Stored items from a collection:

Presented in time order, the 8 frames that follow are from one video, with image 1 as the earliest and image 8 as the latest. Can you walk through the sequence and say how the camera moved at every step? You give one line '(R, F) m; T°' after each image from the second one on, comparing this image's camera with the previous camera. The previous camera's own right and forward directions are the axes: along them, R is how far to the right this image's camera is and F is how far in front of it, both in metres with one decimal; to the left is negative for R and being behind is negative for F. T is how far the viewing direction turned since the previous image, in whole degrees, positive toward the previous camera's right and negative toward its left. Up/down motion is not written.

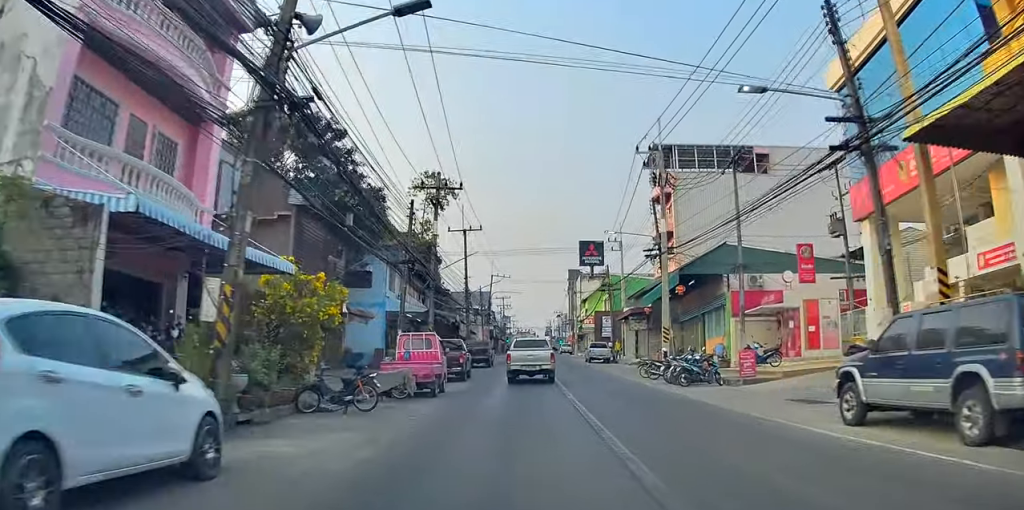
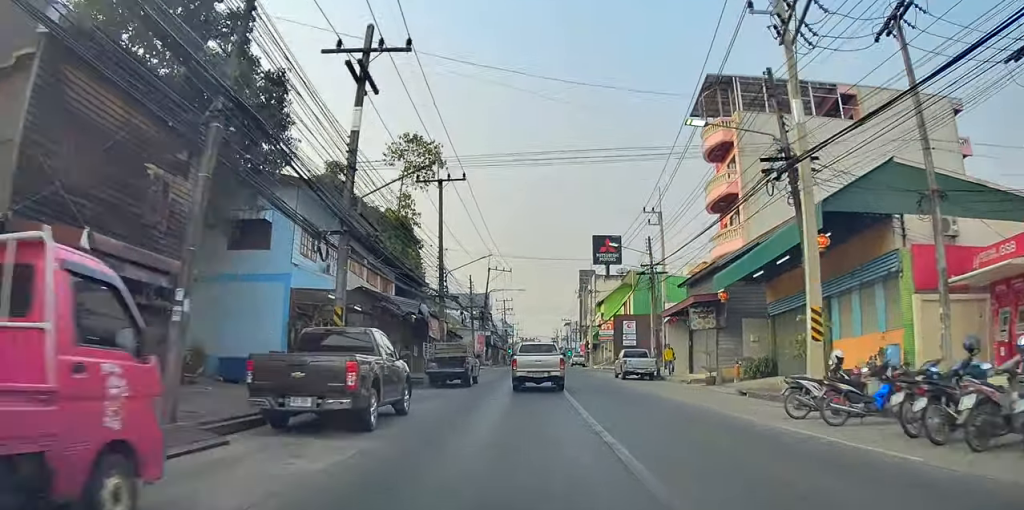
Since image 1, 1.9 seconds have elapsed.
(+0.2, +16.9) m; 0°
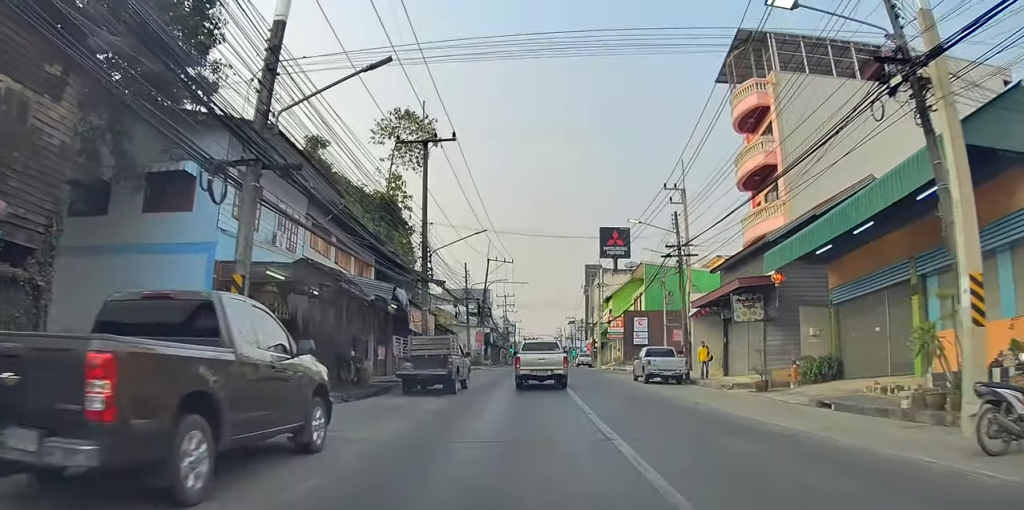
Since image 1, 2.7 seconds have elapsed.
(-0.4, +6.9) m; 0°
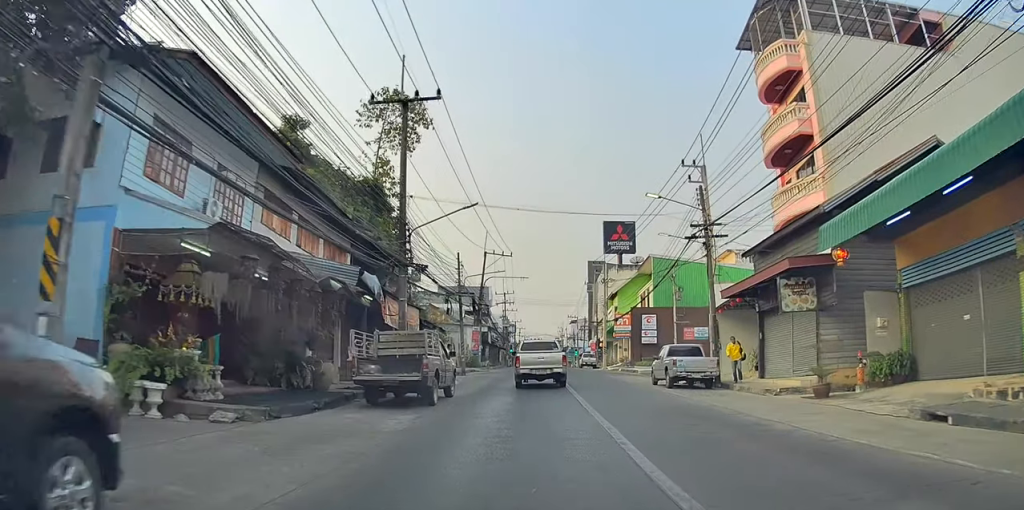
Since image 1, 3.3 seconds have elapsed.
(+0.5, +5.2) m; 0°
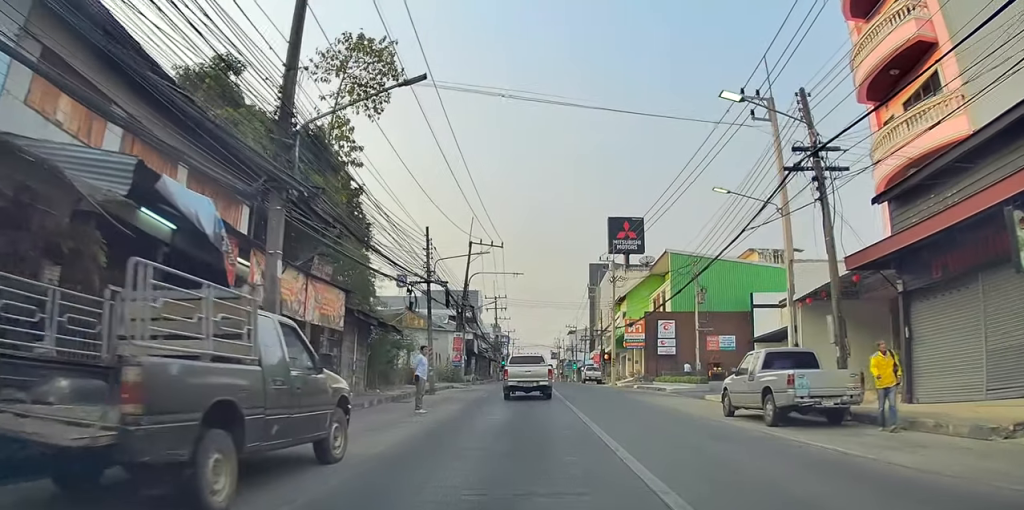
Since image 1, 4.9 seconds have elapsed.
(-0.3, +12.4) m; +1°
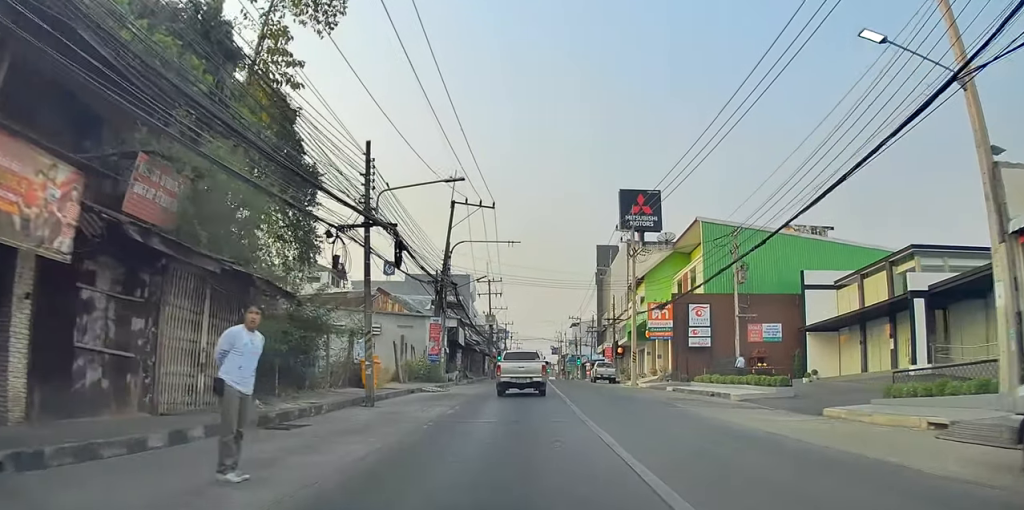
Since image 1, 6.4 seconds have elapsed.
(-0.2, +11.5) m; 0°
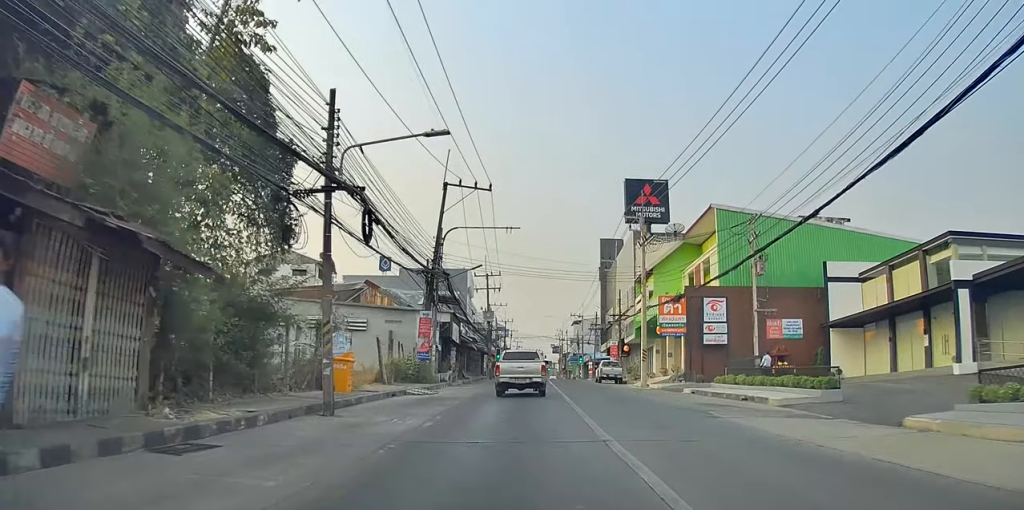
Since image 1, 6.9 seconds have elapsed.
(+0.3, +3.7) m; 0°
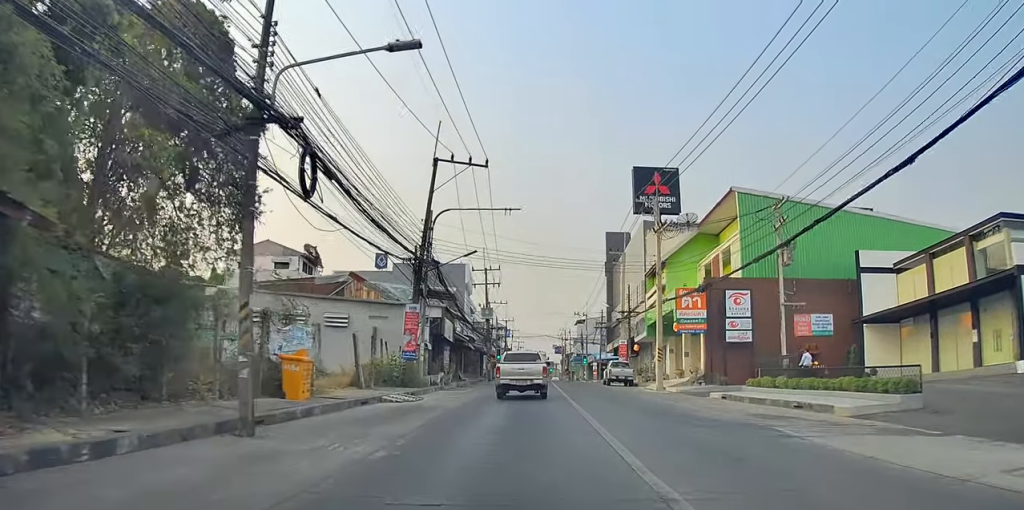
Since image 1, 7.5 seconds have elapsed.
(+0.5, +4.0) m; 0°

▶ _Task directions_:
Which lines run from the one containing "Since image 1, 2.7 seconds have elapsed." to the end of the entries above? Write them out exactly, leaving out every picture.

▶ _Solution to this task_:
Since image 1, 2.7 seconds have elapsed.
(-0.4, +6.9) m; 0°
Since image 1, 3.3 seconds have elapsed.
(+0.5, +5.2) m; 0°
Since image 1, 4.9 seconds have elapsed.
(-0.3, +12.4) m; +1°
Since image 1, 6.4 seconds have elapsed.
(-0.2, +11.5) m; 0°
Since image 1, 6.9 seconds have elapsed.
(+0.3, +3.7) m; 0°
Since image 1, 7.5 seconds have elapsed.
(+0.5, +4.0) m; 0°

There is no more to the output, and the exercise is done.